- Stetson Mountain Location within Maine

Highest point
- Elevation: 1,085 ft (331 m)
- Prominence: 590 ft (180 m)
- Isolation: 9.46 mi (15.22 km) to Brown's Hill
- Coordinates: 45°31′34″N 67°58′35″W﻿ / ﻿45.526111°N 67.976389°W

Dimensions
- Length: 8 mi (13 km)

Geography
- Location: Washington County, Maine, U.S.
- Topo map: USGS Stetson Mountain

Climbing
- Easiest route: Hiking, class 1

= Stetson Mountain =

Mountain in Maine, United States

Stetson Mountain is a small mountain located in Washington County, Maine; a 8 mi long ridge running roughly north–south. The summit elevation is between 1080 ft and 1090 ft.
Stetson is approximately 10 mi from the Canada–United States border with New Brunswick.

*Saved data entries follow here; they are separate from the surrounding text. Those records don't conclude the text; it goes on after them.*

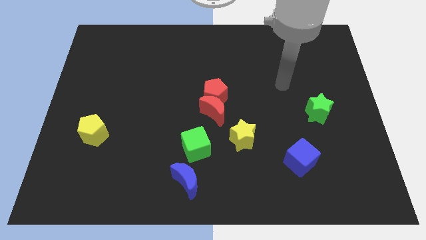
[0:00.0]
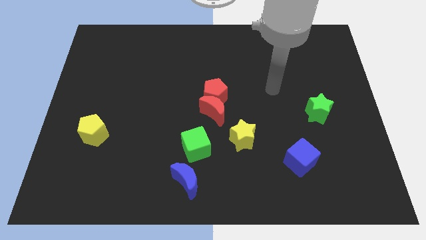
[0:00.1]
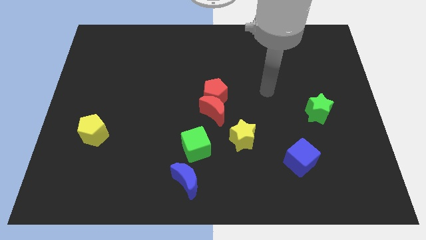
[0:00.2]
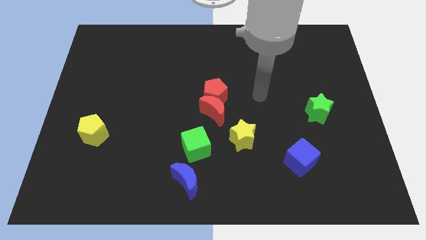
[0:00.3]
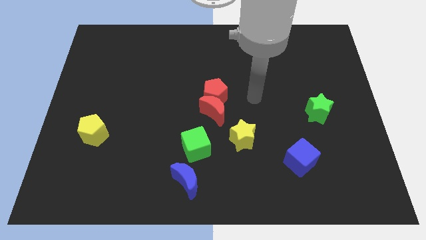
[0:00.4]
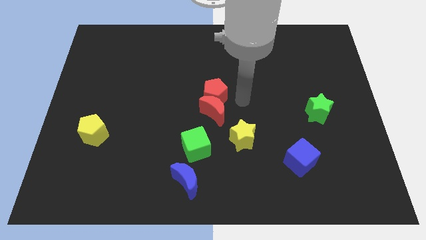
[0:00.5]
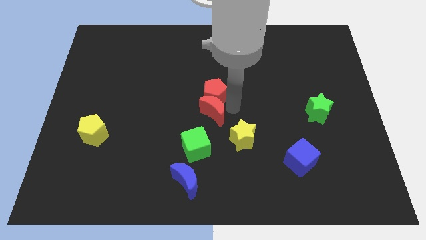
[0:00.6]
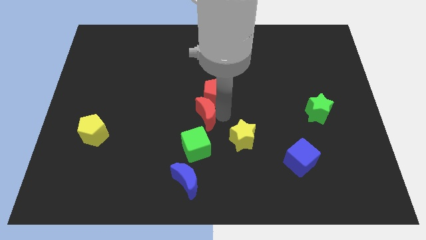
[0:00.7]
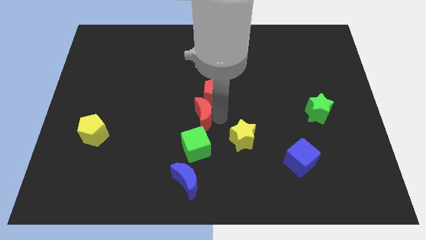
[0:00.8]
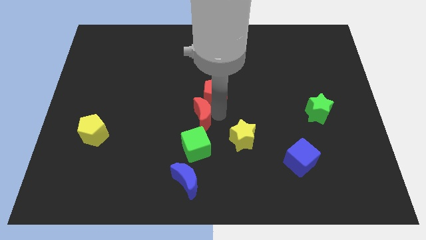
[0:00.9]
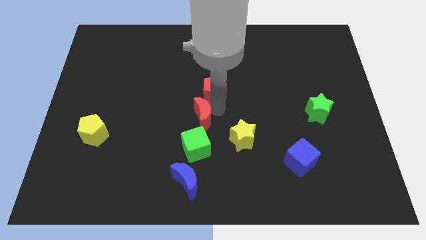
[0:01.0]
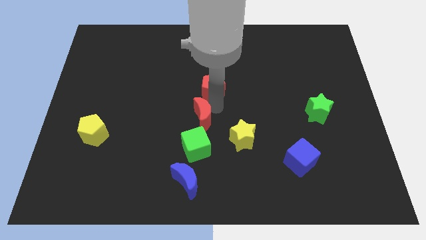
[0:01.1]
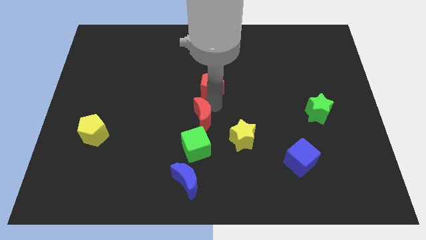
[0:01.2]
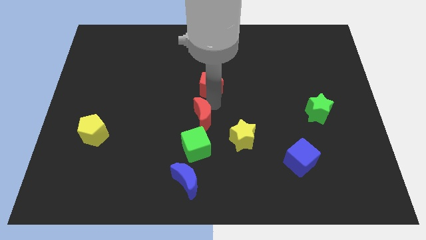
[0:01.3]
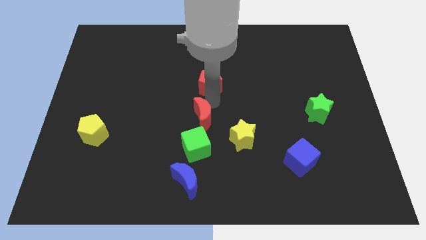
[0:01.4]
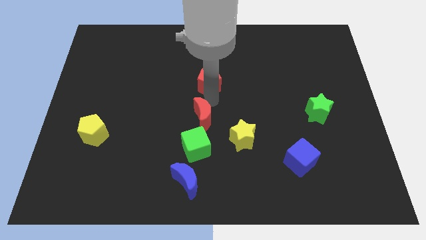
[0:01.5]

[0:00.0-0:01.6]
pull the red pentagon apart from the red moon

Stetson Mountain stands within the watershed of the Mattawamkeag River, which drains into the Penobscot River, and into Penobscot Bay.
Much of the west side of Stetson Mtn. drains into Meadow Brook, thence into the Mattawamkeag River.
Both sides of the southern end of Stetson Mountain drain into Baskahegan Stream, thence into the Mattawamkeag River.
Both sides of the northern end and most of the east side of Stetson Mountain drain into Hot Brook, thence into Baskahegan Stream.

== Stetson Wind Farm ==
In January 2008, First Wind (then UPC Wind) received the approval of the Maine Land Use Regulation Commission (LURC) for its Stetson Wind Farm. The 57 megawatt wind farm began commercial operations in January 2009. It consists of 38 General Electric 1.5-MW wind turbines, and is expected to generate approximately 167 million kilowatt-hours (kW·h) of electricity per year. As of 2009, Stetson Wind is the largest wind energy project in operation in New England, surpassing the Mars Hill Wind Farm.

In March 2009, the LURC approved First Wind's $60 million 25.5 MW Stetson II project. The 17 turbines will be installed on nearby Jimmy and Owl mountains.